Thanks, I did try to avoid conflicting with the iomap rework, and I'm
looking forward to the further improvement.

Btw, Christoph, I'd love to get your opinion on the RWF_ENCODED series
("[PATCH v4 0/9] fs: interface for directly reading/writing compressed
data").
Goldwyn Rodrigues March 18, 2020, 4:33 p.m. UTC | #3
On  2:22 11/03, Omar Sandoval wrote:
> On Tue, Mar 10, 2020 at 05:39:40PM +0100, Christoph Hellwig wrote:
> > Adding Goldwyn,
> > 
> > as he has been looking into converting btrfs to the iomap direct
> > I/O code.  This doesn't look like a major conflict, but he should
> > be knowledgeable about the dio code by now after a few iterations
> > of that.
> 
> Thanks, I did try to avoid conflicting with the iomap rework, and I'm
> looking forward to the further improvement.

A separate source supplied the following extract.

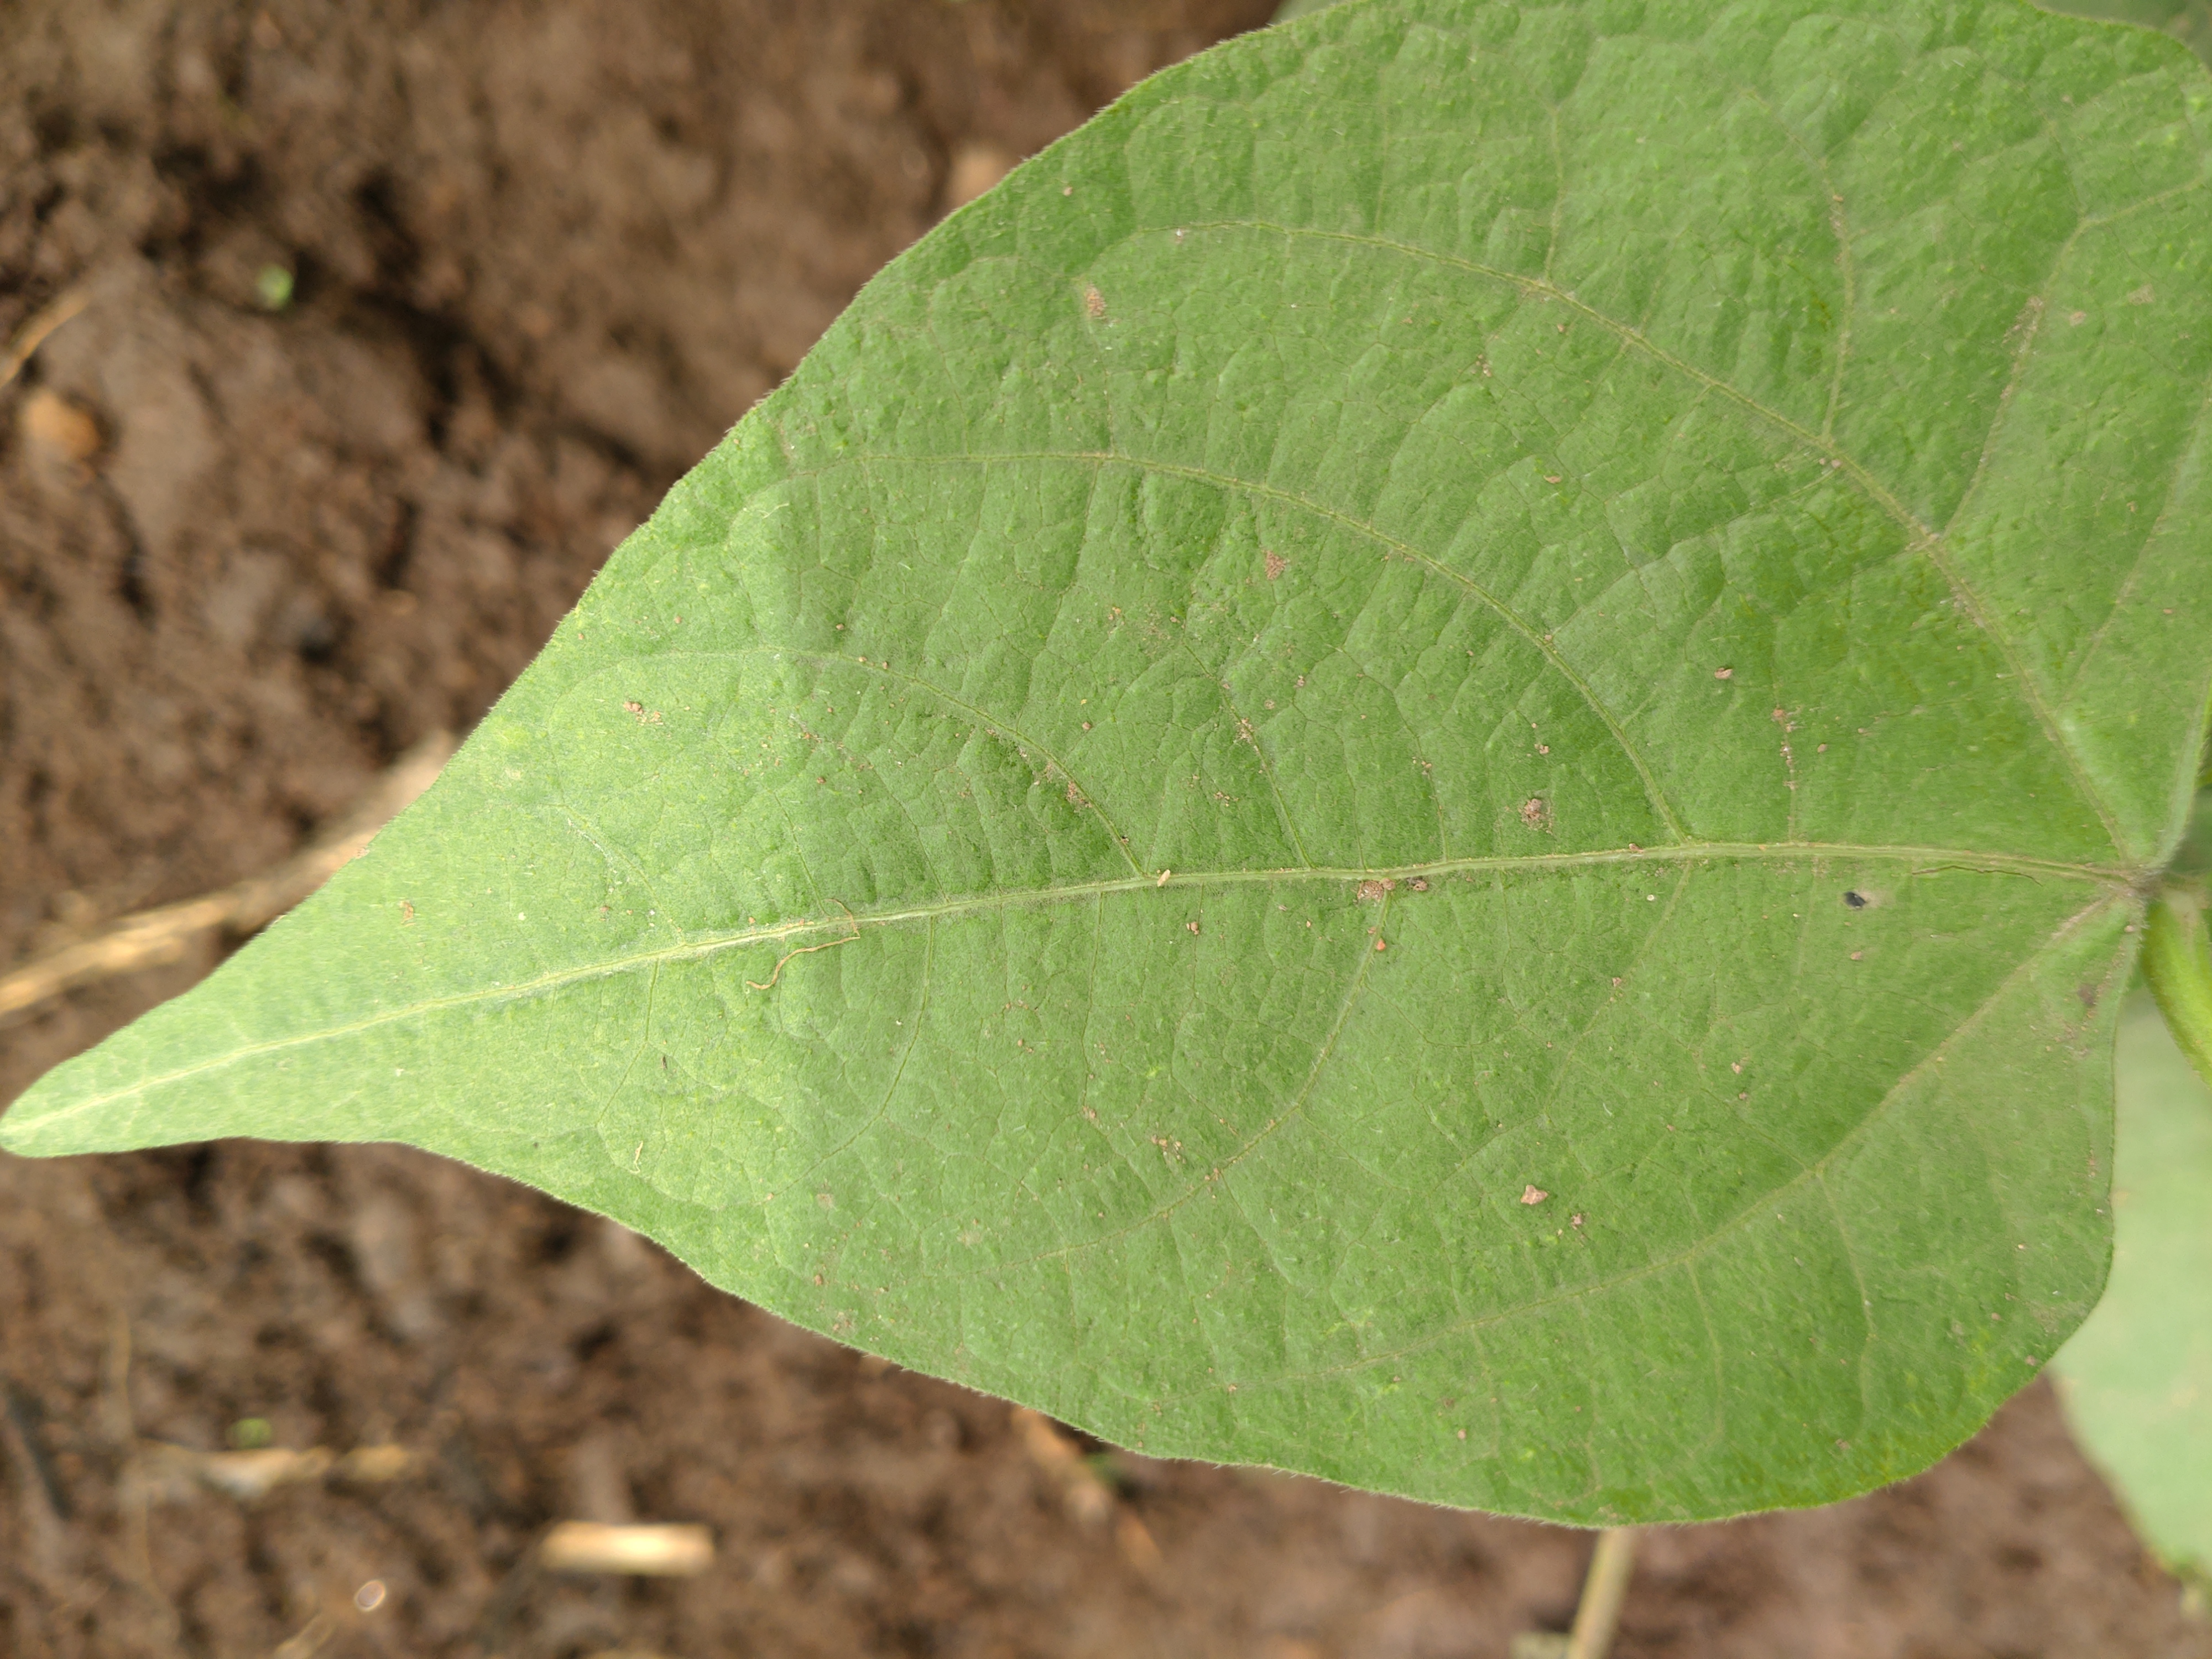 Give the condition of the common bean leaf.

healthy

Sorry for the late response, I have been on vacation last week and
recovering from backlog. Most of the code does not seem to conflict with
the direct I/O iomap work.

I am ready with my patches in my git [1]. However, I would like to base
my patches on yours. Do you have them in a public git tree anywhere?
preferably with the acks/review comments.

[1] https://github.com/goldwynr/linux/tree/btrfs-iomap-dio
David Sterba March 18, 2020, 10:07 p.m. UTC | #4
On Mon, Mar 09, 2020 at 02:32:26PM -0700, Omar Sandoval wrote:
> From: Omar Sandoval <osandov@fb.com>
> This series includes several fixes, cleanups, and improvements to direct
> I/O and read repair. It's preparation for adding read repair to my
> RWF_ENCODED series [1], but it can go in independently.

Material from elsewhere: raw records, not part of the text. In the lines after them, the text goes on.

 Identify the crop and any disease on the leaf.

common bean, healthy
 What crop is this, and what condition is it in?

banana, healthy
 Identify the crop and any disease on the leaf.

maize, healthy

Overall it looks good, but also scary. There are some comments to
address, I haven't reviewed it thoroughly yes so please don't resend
unless there's something that would harm testing. I'll put the branch to
for-next for some coverage.
David Sterba March 19, 2020, 2:08 p.m. UTC | #5
On Wed, Mar 18, 2020 at 11:33:18AM -0500, Goldwyn Rodrigues wrote:
> On  2:22 11/03, Omar Sandoval wrote:

> I am ready with my patches in my git [1]. However, I would like to base
> my patches on yours. Do you have them in a public git tree anywhere?
> preferably with the acks/review comments.

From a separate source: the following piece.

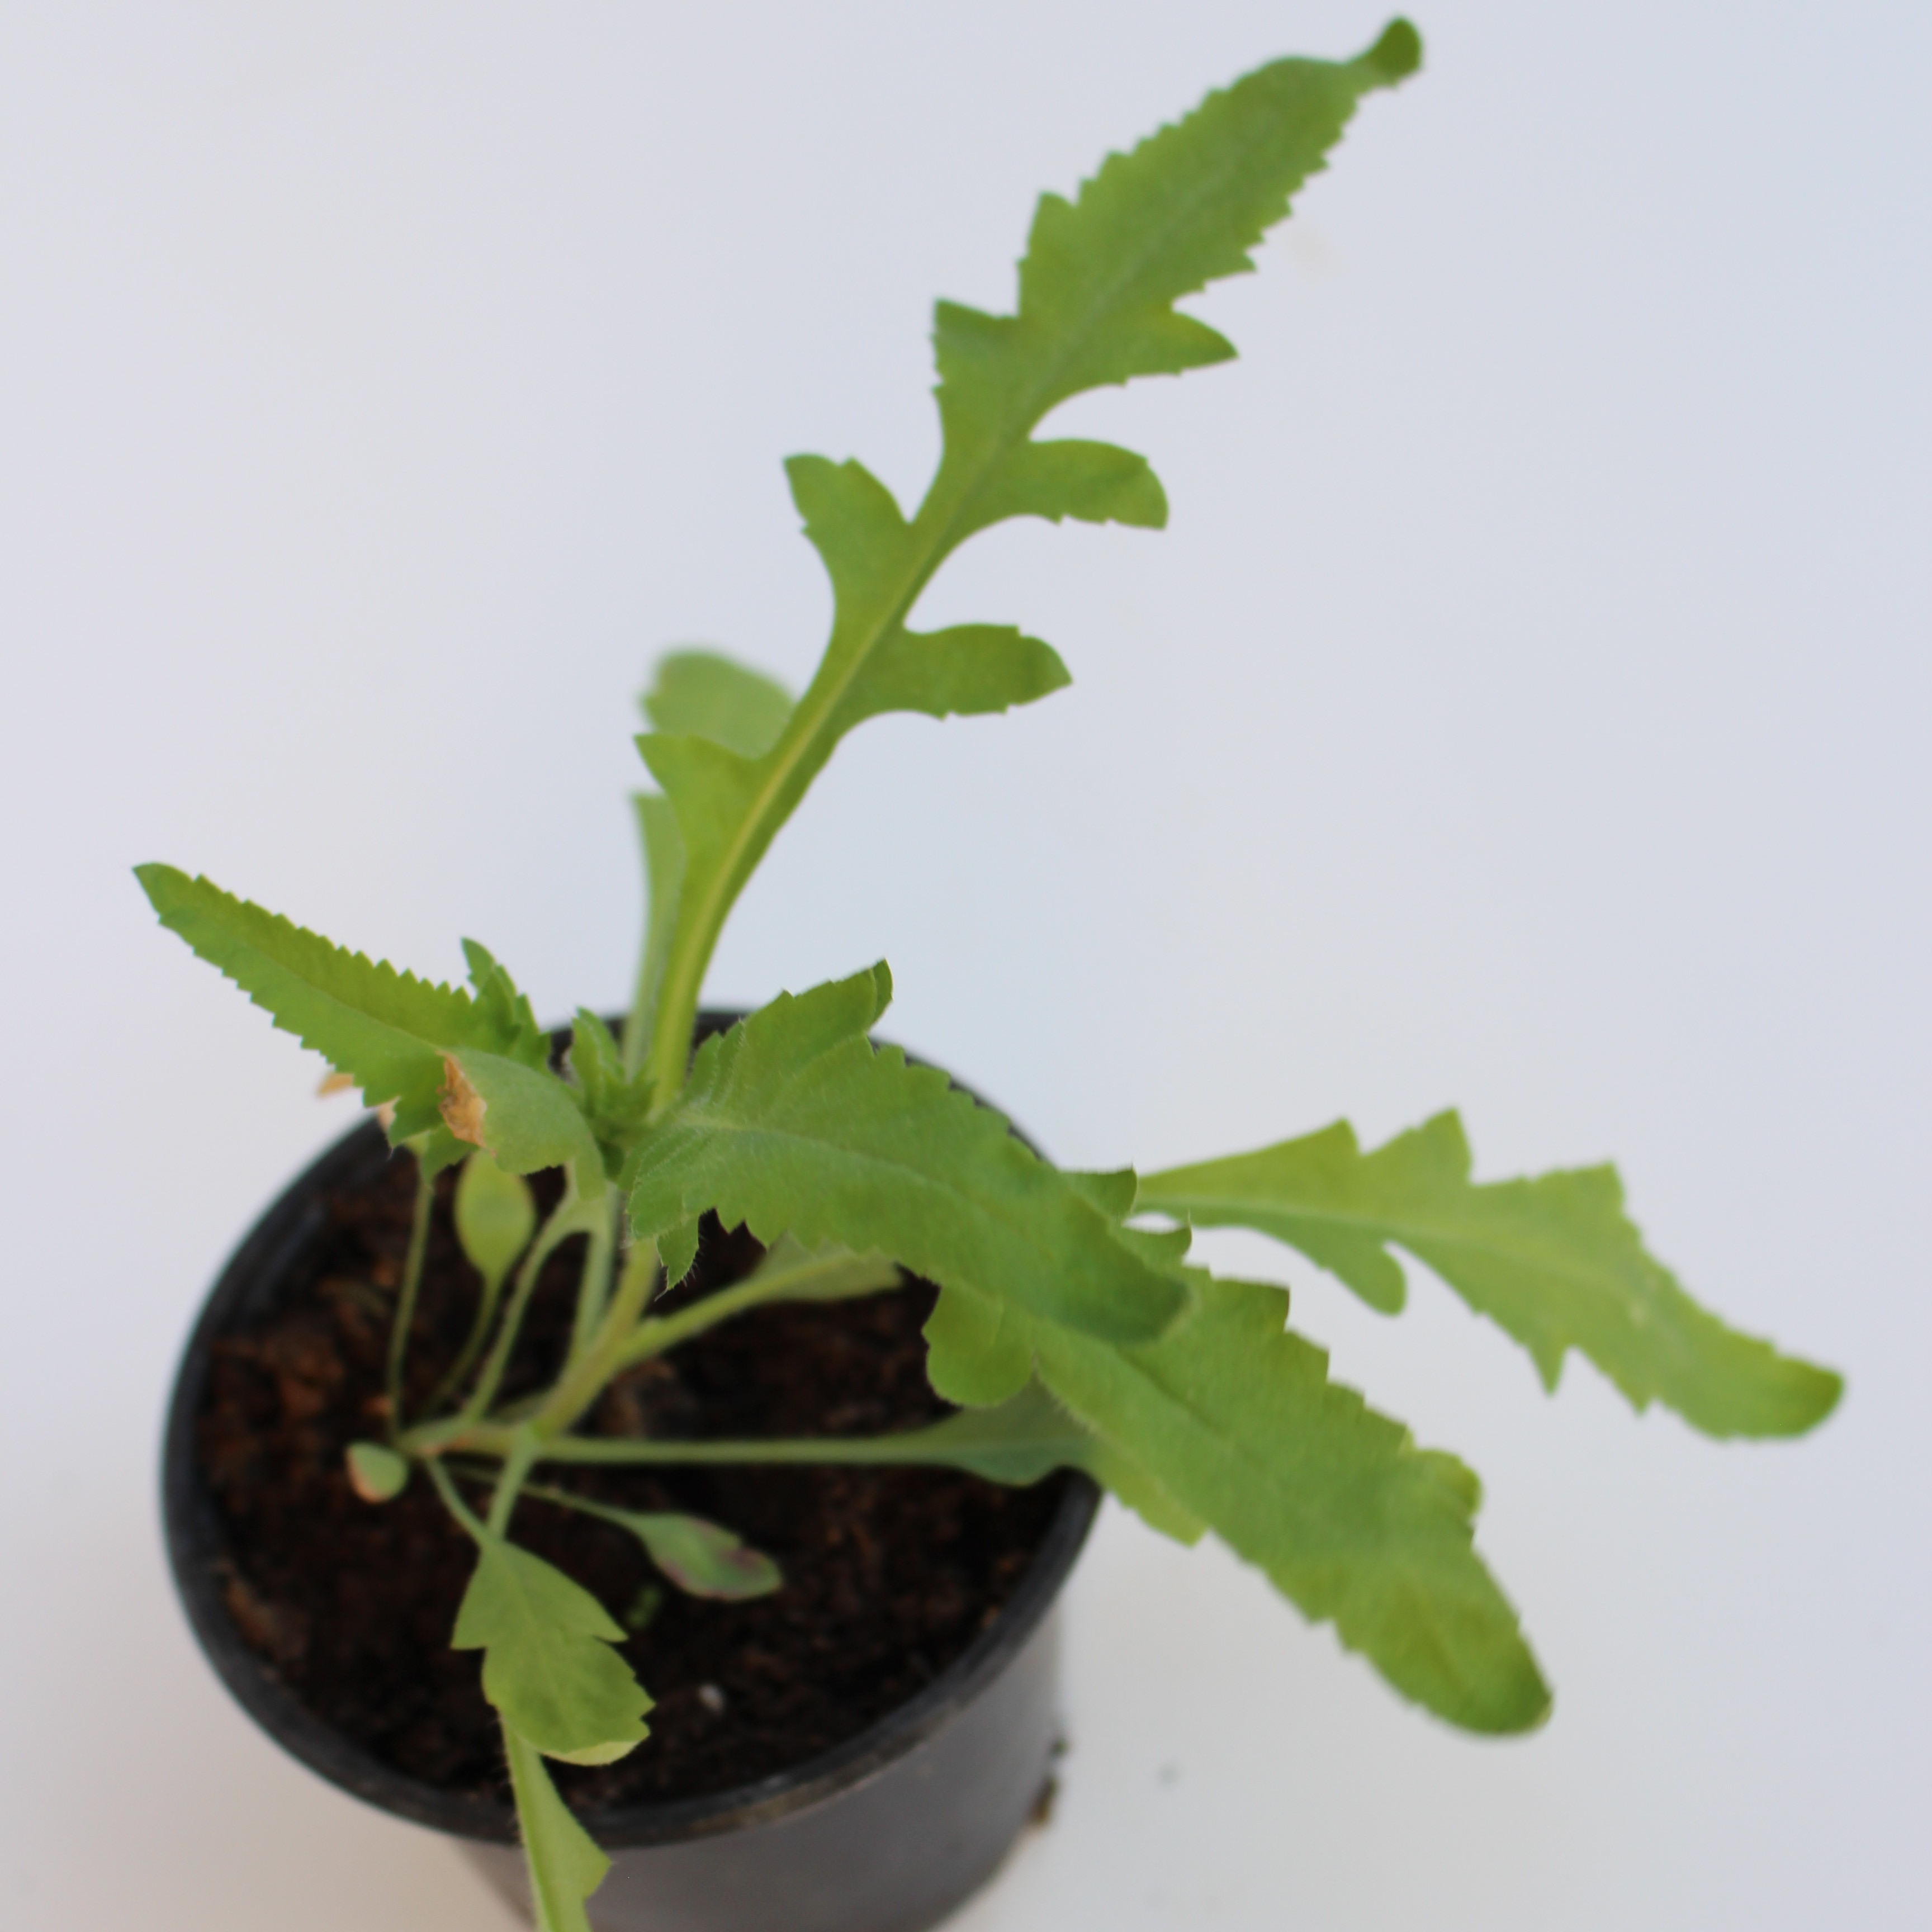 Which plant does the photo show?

Papaver rhoeas

I have the branch for testing in my github repository,
https://github.com/kdave/btrfs-devel/tree/ext/omar/dio-fixes .

Regarding the two patchsest, it makes things easier to test at least if
the code does not conflict but I'm a bit worried about adding 2
different reworks of the DIO in one release. OTOH, we' have focus on the
same subsystem, so at this point I'm preferring the option to merge both
unless something serious pops up. The merge target would be 5.8, plenty
of time to revise the desision if needed.
Christoph Hellwig March 20, 2020, 2:10 p.m. UTC | #6
Btw, while you touch this code:

It seems like btrfs_dio_private.subio_endio is rather pointless,
as it is always set to one function for reads and otherwise never
set.  De-virtualizing this call could help making the code a little
faster and easier to understand.
Christoph Hellwig March 20, 2020, 2:11 p.m. UTC | #7
On Fri, Mar 20, 2020 at 03:10:41PM +0100, Christoph Hellwig wrote:
> Btw, while you touch this code:
> 
> It seems like btrfs_dio_private.subio_endio is rather pointless,
> as it is always set to one function for reads and otherwise never
> set.  De-virtualizing this call could help making the code a little
> faster and easier to understand.

Doh, one of the later patches actually kills it.  Time for more coffee..
Omar Sandoval March 20, 2020, 9:29 p.m. UTC | #8
On Wed, Mar 18, 2020 at 11:07:33PM +0100, David Sterba wrote:
> On Mon, Mar 09, 2020 at 02:32:26PM -0700, Omar Sandoval wrote:
> > From: Omar Sandoval <osandov@fb.com>
> > This series includes several fixes, cleanups, and improvements to direct
> > I/O and read repair. It's preparation for adding read repair to my
> > RWF_ENCODED series [1], but it can go in independently.
> 
> Overall it looks good, but also scary. There are some comments to
> address, I haven't reviewed it thoroughly yes so please don't resend
> unless there's something that would harm testing. I'll put the branch to
> for-next for some coverage.

Thanks! The only thing so far that might affect testing is the
uninitialized geom.len ASSERT that Nikolay pointed out.